AIM OF THE TASK:
Please return every line below that contains the string "upright".

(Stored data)

######

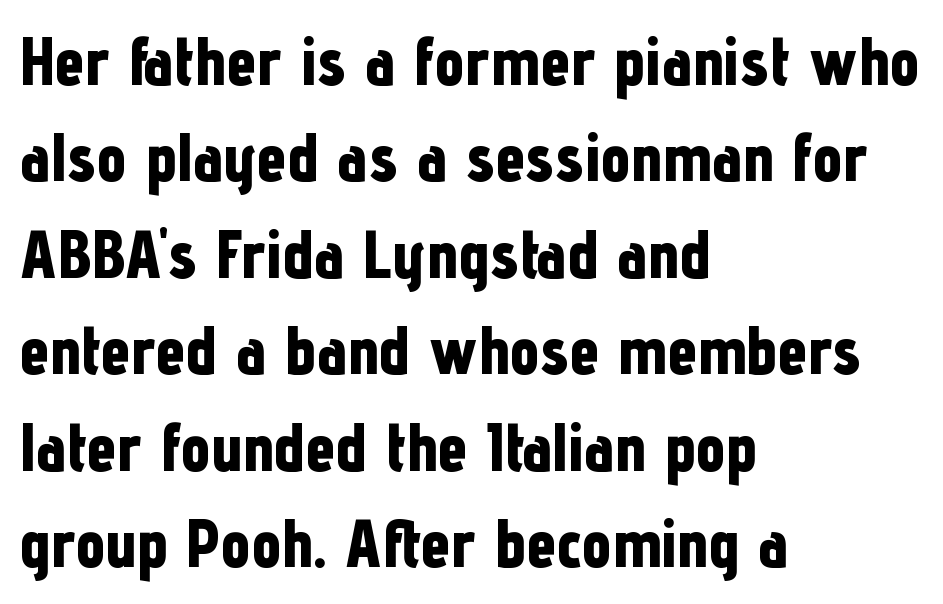
The image shows 67 px bold, condensed sans-serif type, upright; set left-aligned, normal line spacing (1.44x), normal letter spacing, not underlined; low stroke contrast and a medium x-height.
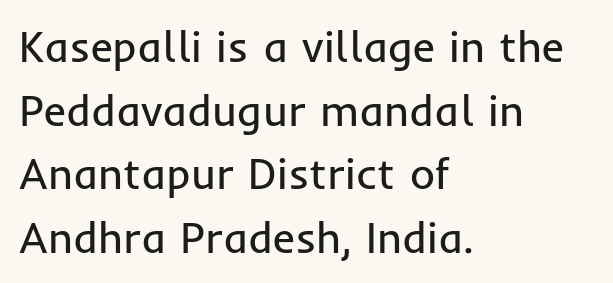
Q: Is the text bold? A: No.
Q: Is the text italic (slanted)? A: No, it is upright.
Q: Is the typeface a serif or a sans-serif typeface? A: Sans-serif.
Q: Is the text underlined? A: No.
Q: How is the paragraph aligned? A: Left-aligned.
Q: Is the spacing between letters normal or unusually wide? A: Normal.
Q: Is the spacing between lines tight, normal or loose? A: Normal.
Q: Width (condensed, normal, or wide)? A: Normal.
Q: Stroke contrast? A: Low.
Q: x-height? A: Medium.
Q: Monospaced? A: No.
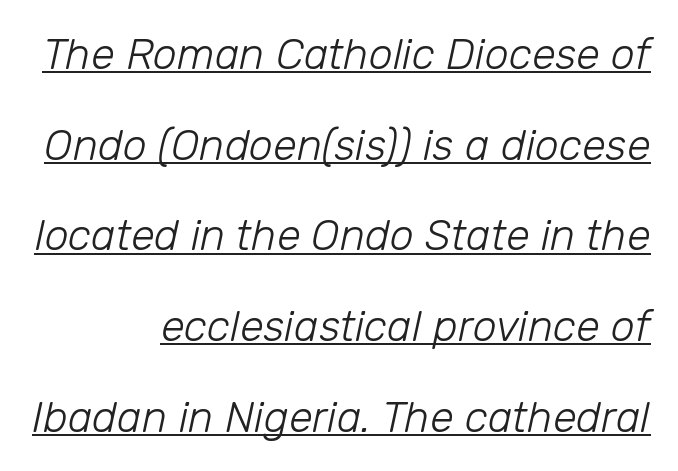
Q: Is the text bold? A: No.
Q: Is the text italic (slanted)? A: Yes, it leans right by about 12 degrees.
Q: Is the text underlined? A: Yes.
Q: Is the spacing between letters normal or unusually wide? A: Normal.
Q: Is the spacing between lines tight, normal or loose? A: Loose.
Q: Width (condensed, normal, or wide)? A: Normal.
Q: Stroke contrast? A: Low.
Q: x-height? A: Medium.
Q: Monospaced? A: No.

######

ANSWER TO THIS EXERCISE:
The image shows 67 px bold, condensed sans-serif type, upright; set left-aligned, normal line spacing (1.44x), normal letter spacing, not underlined; low stroke contrast and a medium x-height.
Q: Is the text italic (slanted)? A: No, it is upright.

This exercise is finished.